Requirement >>
Only the images get left out; everything else in the records is to be transcribed exactly.

Records for the exercise >>
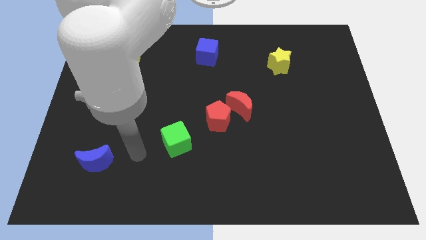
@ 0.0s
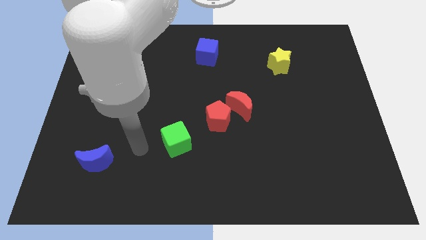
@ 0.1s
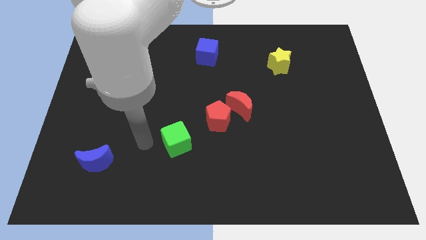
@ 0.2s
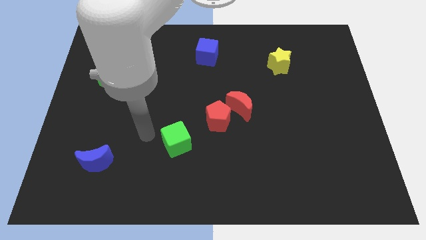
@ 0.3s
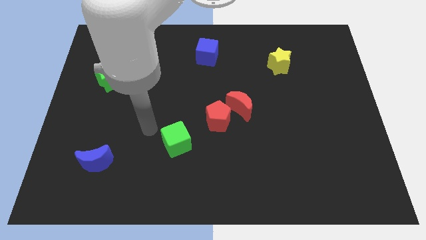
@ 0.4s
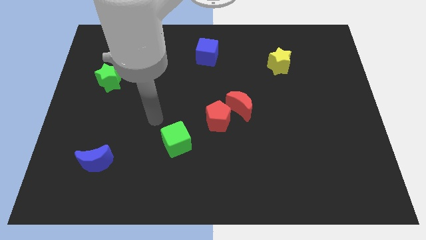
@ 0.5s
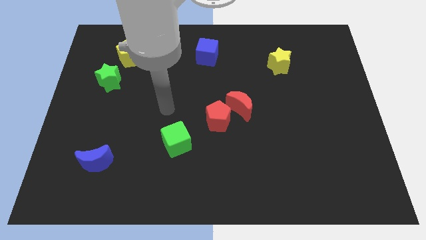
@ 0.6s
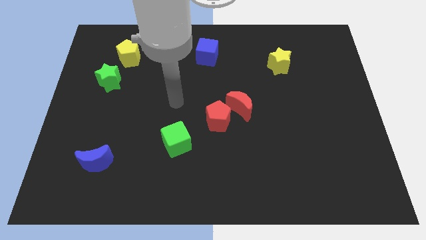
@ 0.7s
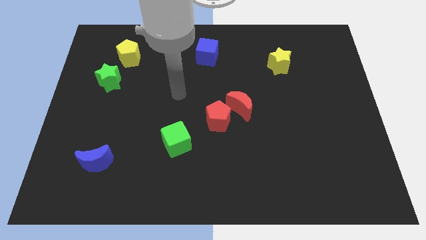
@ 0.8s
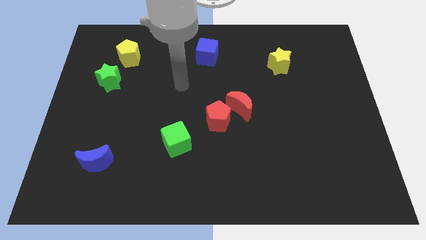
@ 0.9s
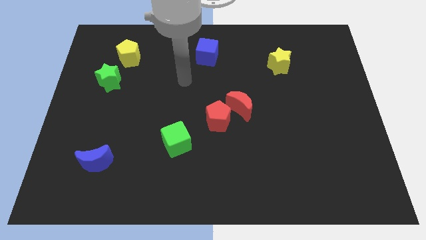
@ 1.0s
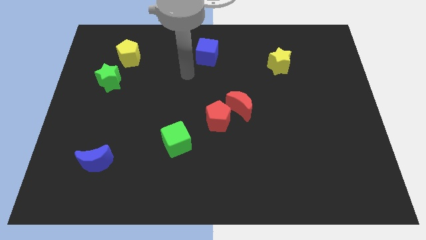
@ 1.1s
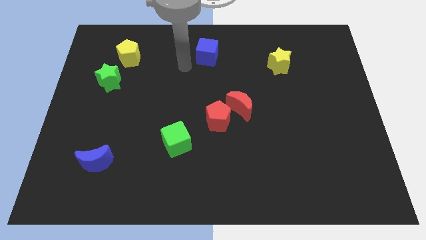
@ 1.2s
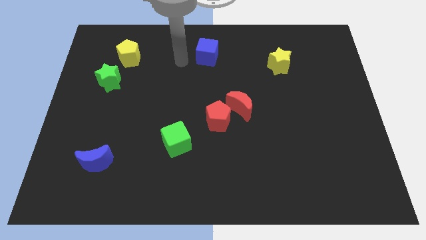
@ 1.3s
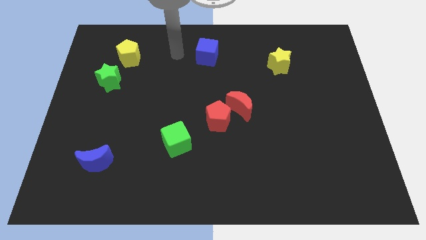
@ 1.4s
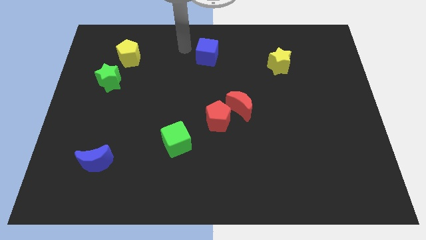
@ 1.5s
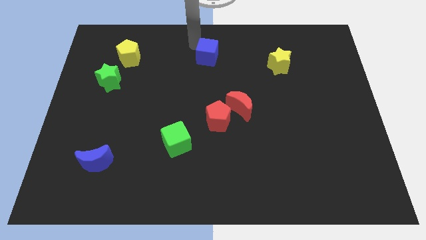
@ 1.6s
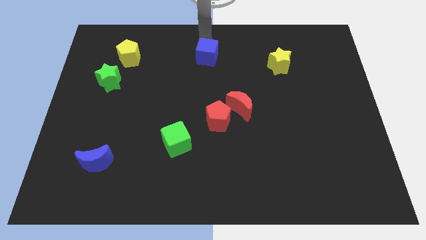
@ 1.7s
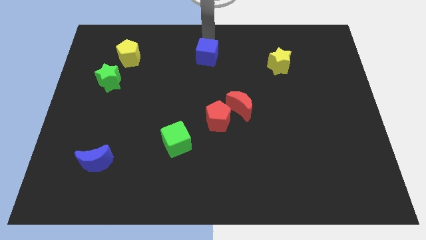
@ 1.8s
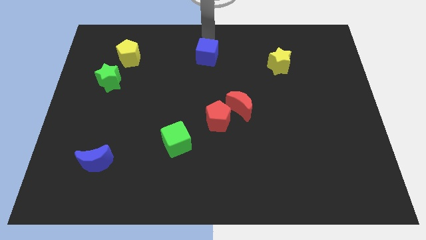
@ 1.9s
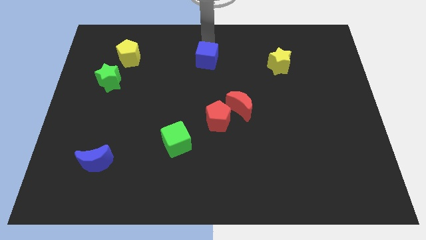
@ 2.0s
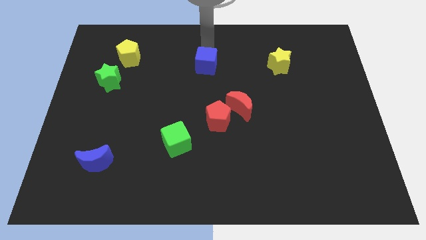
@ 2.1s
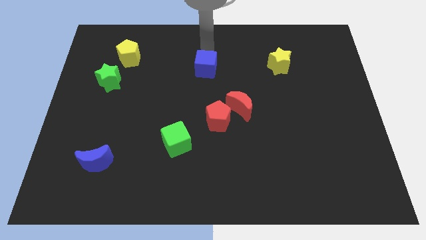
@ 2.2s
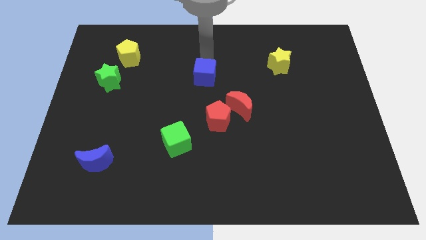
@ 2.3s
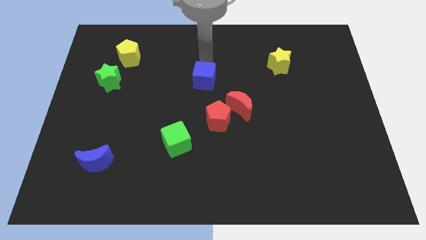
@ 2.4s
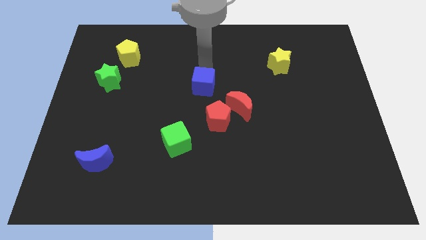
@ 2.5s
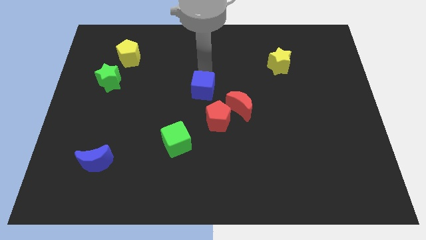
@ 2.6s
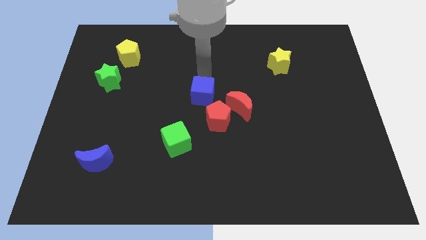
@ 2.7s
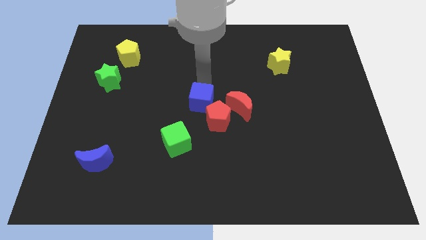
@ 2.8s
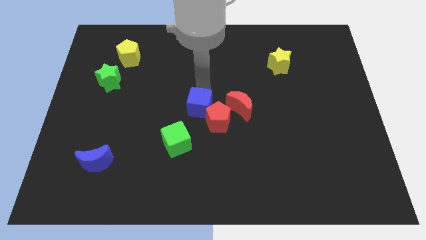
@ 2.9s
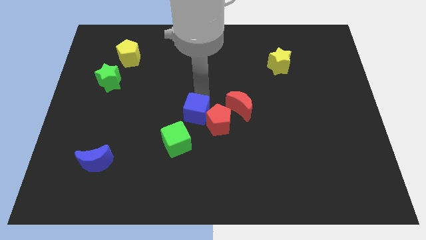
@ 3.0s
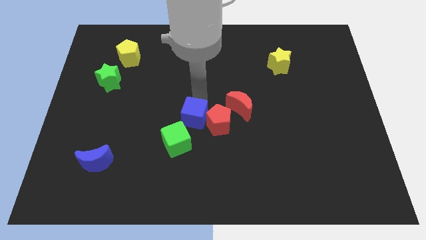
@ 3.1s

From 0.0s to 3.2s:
push the blue cube down

Output below >>
@ 0.0s
@ 0.1s
@ 0.2s
@ 0.3s
@ 0.4s
@ 0.5s
@ 0.6s
@ 0.7s
@ 0.8s
@ 0.9s
@ 1.0s
@ 1.1s
@ 1.2s
@ 1.3s
@ 1.4s
@ 1.5s
@ 1.6s
@ 1.7s
@ 1.8s
@ 1.9s
@ 2.0s
@ 2.1s
@ 2.2s
@ 2.3s
@ 2.4s
@ 2.5s
@ 2.6s
@ 2.7s
@ 2.8s
@ 2.9s
@ 3.0s
@ 3.1s

From 0.0s to 3.2s:
push the blue cube down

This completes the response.